Ze zag me naar het gebakje staren en menend dat ik naar het lichtgroene blaadje keek dat heel subtiel precies in het midden was gestoken, legde ze uit dat het stukje loof heilzaam was bij maag- en darmklachten.

‘Is het munt?’, vroeg ik.

‘Nee,’ zei ze, ‘munt is donkerder van kleur. De kok noemt het honey crush. Het schijnt ook stimulerend te zijn voor iets dat typisch voor de man is.’
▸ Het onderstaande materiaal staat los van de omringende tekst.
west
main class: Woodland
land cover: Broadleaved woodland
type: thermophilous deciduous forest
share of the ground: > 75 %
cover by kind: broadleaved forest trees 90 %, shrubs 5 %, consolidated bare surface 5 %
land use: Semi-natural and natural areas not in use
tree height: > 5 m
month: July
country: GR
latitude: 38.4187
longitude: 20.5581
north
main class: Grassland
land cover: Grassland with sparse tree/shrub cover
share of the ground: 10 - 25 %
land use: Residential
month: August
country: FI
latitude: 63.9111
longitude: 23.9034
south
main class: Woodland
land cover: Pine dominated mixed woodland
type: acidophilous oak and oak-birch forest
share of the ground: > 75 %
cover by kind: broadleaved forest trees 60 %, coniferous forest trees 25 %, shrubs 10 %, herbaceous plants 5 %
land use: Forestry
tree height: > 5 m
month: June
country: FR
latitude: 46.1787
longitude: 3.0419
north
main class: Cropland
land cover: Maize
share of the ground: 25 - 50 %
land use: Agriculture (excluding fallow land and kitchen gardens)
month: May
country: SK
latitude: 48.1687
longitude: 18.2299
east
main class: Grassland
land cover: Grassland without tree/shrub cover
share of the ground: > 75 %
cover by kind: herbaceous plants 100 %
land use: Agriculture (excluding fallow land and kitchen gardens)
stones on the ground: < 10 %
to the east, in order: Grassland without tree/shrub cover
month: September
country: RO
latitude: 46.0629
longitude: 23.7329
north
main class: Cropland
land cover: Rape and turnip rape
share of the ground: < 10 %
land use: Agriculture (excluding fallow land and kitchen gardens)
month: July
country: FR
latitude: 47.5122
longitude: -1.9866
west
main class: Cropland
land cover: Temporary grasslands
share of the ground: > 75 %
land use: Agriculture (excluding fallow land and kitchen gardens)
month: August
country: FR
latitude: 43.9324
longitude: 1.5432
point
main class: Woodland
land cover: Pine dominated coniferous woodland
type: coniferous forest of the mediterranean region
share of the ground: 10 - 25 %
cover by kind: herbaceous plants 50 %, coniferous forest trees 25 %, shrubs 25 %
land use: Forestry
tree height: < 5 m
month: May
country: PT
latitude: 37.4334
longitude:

Ze knipoogde er veelbetekenend bij.

‘Denk je dat ik daar al een stimulerend middel bij nodig heb’, vroeg ik fronsend.

Ze bloosde en liet haar blik even over mijn postuur gaan.

‘Nee,’ zei ze toen, ‘dat denk ik niet. Zal ik het blaadje wegnemen?’

Ze strekte haar hand al uit naar het gebak maar ik hield haar tegen. Even voelde ik haar nagelpunten in mijn handpalm. Echte nagels waren het, niet van die plastic nepdingen. En lange warme vingers had ze ook.

De volgende ochtend werden we al vroeg gewekt door het kraaien van de haan van de overburen. Ik ben een dierenvriend maar soms voel ik ten aanzien van kraaiende hanen moordneigingen in me opkomen. Wat maar weer eens bewijst hoe dun het laagje beschaving is dat ons mensensoort bedekt. Me uitstrekkend onder de lakens bedacht ik wat het leukst en wat het handigst zou zijn. Samen douchen of ik eerst alleen. Dan kon zij daarna douchen terwijl ik verse broodjes in het dorp haalde. Maar opeens merkte ik dat zij al naast het bed stond, aangekleed en wel. En in diezelfde strakke spijkerbroek als gisteren op het terras.

‘Nog een koffie?’, vroeg ze terwijl ze me glimlachend aankeek.

‘Eh, nee, dank je’, zei ik verward. ‘Sta je hier al lang?’

Ze schoot in de lach.

‘Nee hoor, ik kom net aanlopen. Het leek wel of u sliep!’

Ik wreef even over mijn voorhoofd waarachter ik een lichte migraine voelde opkomen en ik wist niet zo gauw wat te antwoorden.

Ze knikte begrijpend en legde even haar hand op mijn schouder.

‘Geeft niks, hoor. Hebben we allemaal wel eens. Zal wel door het warme weer komen.’

Auteur: Ed Bruinvis

Studeerde voor tekenleraar aan de Arnhemse kunstacademie en normatieve maatschappijleer bij professor Hoefnagels (Radboud Universiteit). Is sindsdien actief in het vredes- en ontwikkelingswerk (Stichting Doca, Platform Arnhem Mondiaal en landelijk Platform tegen Wapenhandel). Publiceert behalve onderzoekswerk ook poëzie (Rivierklei, 2008, De Muze, 2015 en Vage klachten, 2019) en verhalen (Open op zondag, 2010 en Het terras, 2014), in 2017 gevolgd door de novelle Angelie. In 2019 verscheen (digitaal) het boek Arnhem Mondiaal over veertig jaar samenwerkende Arnhemse vredes- en ontwikkelingsorganisaties.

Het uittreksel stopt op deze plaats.